We are, however, required to reverse and set aside the Board's order of July 24, 1973 dismissing WPIC's charges of unfair labor practices in the election. The election was conducted March 2, 1973. The ballots were cast in a room on the second floor of WPIC's hospital and clinic at 3811 O'Hara Street, Pittsburgh. Of the 121 ballots cast, 67 were cast for the Union and 54 were cast for no representative. Prior to the election, WPIC and the Union entered into a written agreement which included the term: "[t]hat the cut-off date for electioneering shall be at 12:01 midnight, on the day of election, to wit, March 2, 1973." This provision was incorporated in the Board's Order and Notice of Election.

[ 16 Pa. Commw. Page 213]

During the election on March 2, 1973, Union representatives posted themselves at curbside near the hospital's main entrance, urged one voter to "vote union" and conversed with other voters as they arrived for work and to vote. In addition, a Union organizer was seen in the building wearing a campaign button. The Union, significantly, offered no evidence at this hearing.

The Board dismissed the charges on the authority of one of its cases defining the polling area and made no mention of the agreement of the parties or of its order prohibiting all electioneering on the day of election. The activities described were clearly electioneering and equally clearly violative of the Board's order. They constituted an unfair practice, by Section 1201(b)(4) of the Act, as amended, 43 P.S. § 1101.1201(b)(4).

The Union cites Section 605(6), as amended, 43 P.S. § 1101.605(6), providing that the Board shall certify election results in the presence of an unfair practice if it finds that the offending conduct did not affect the outcome of the election in support of the contention that, even if the Union did engage in unfair practices, there was no showing that its conduct affected the outcome of the election.

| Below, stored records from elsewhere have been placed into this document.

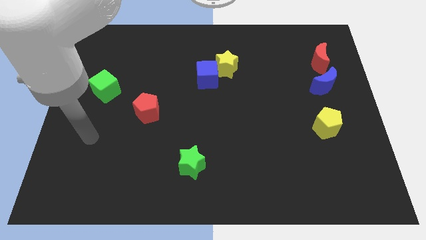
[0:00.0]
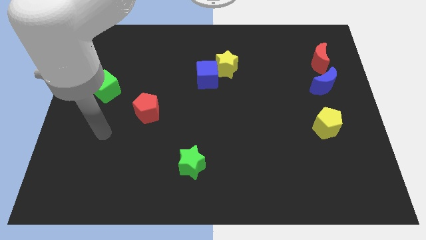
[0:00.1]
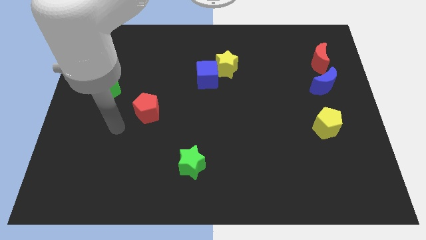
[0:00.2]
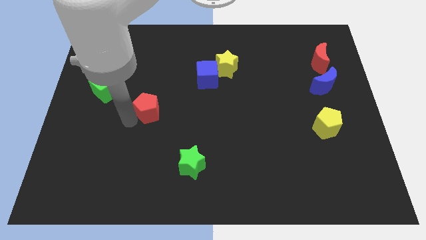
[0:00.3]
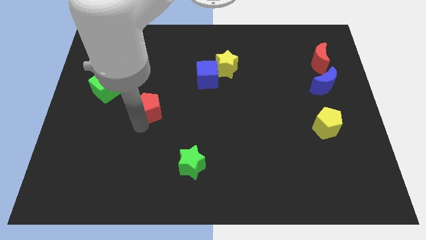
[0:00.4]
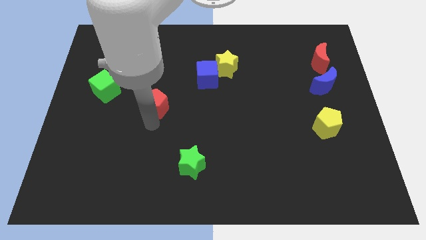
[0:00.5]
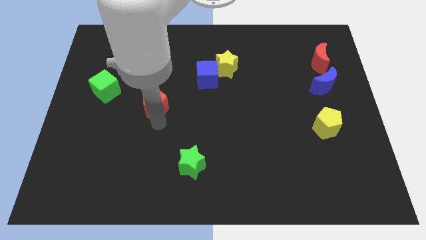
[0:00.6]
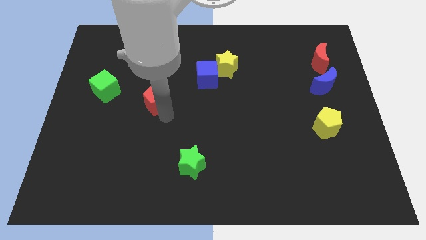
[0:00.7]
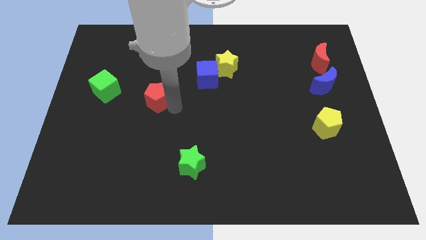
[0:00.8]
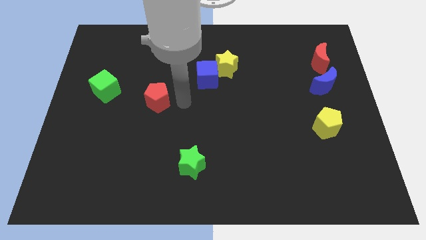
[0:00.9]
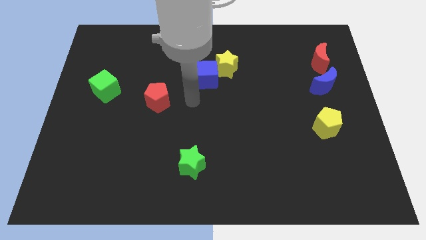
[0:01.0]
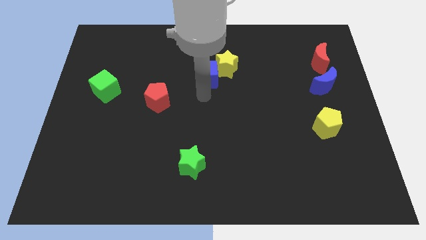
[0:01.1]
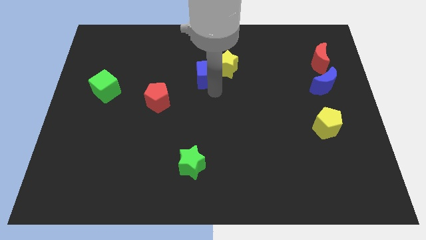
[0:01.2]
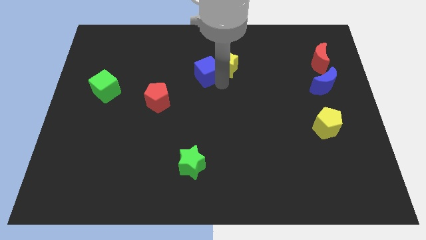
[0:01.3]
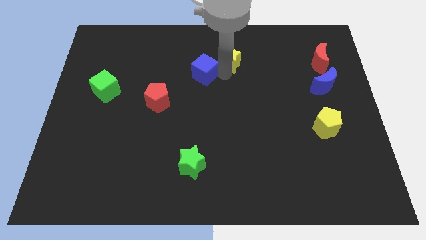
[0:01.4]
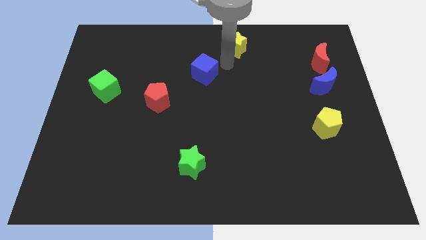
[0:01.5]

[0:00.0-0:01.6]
pull the blue cube apart from the yellow star

Our reading of Section 605(6) compels the conclusion that if, as here, an unfair practice is proved, the guilty party thereupon has the burden to prove that its conduct had no effect on the outcome of the election, not that the innocent party must prove not only the offense but also that the outcome of the election was thereby affected. The unfair practice was amply proved in this case and the Union not only failed to deny or explain its actions but offered nothing to prove that its forbidden electioneering did not affect the result, as it obviously was intended to do.

In the interest of completeness we state our conclusion that WPIC's charges of unfair preelection practices were without merit.

[ 16 Pa. Commw. Page 214]


The Board's order to its number PERA-R-2281-W, made January 12, 1973, is affirmed and WPIC's appeal dismissed.

WPIC's appeal from the Board's order to Board number PERA-C-3285-W, made July 24, 1973, is sustained, said order is set aside and the matter remanded for the conduct of a new election.


Order approving bargaining unit, affirmed. Order dismissing unfair labor practice charges, set aside. Matter remanded.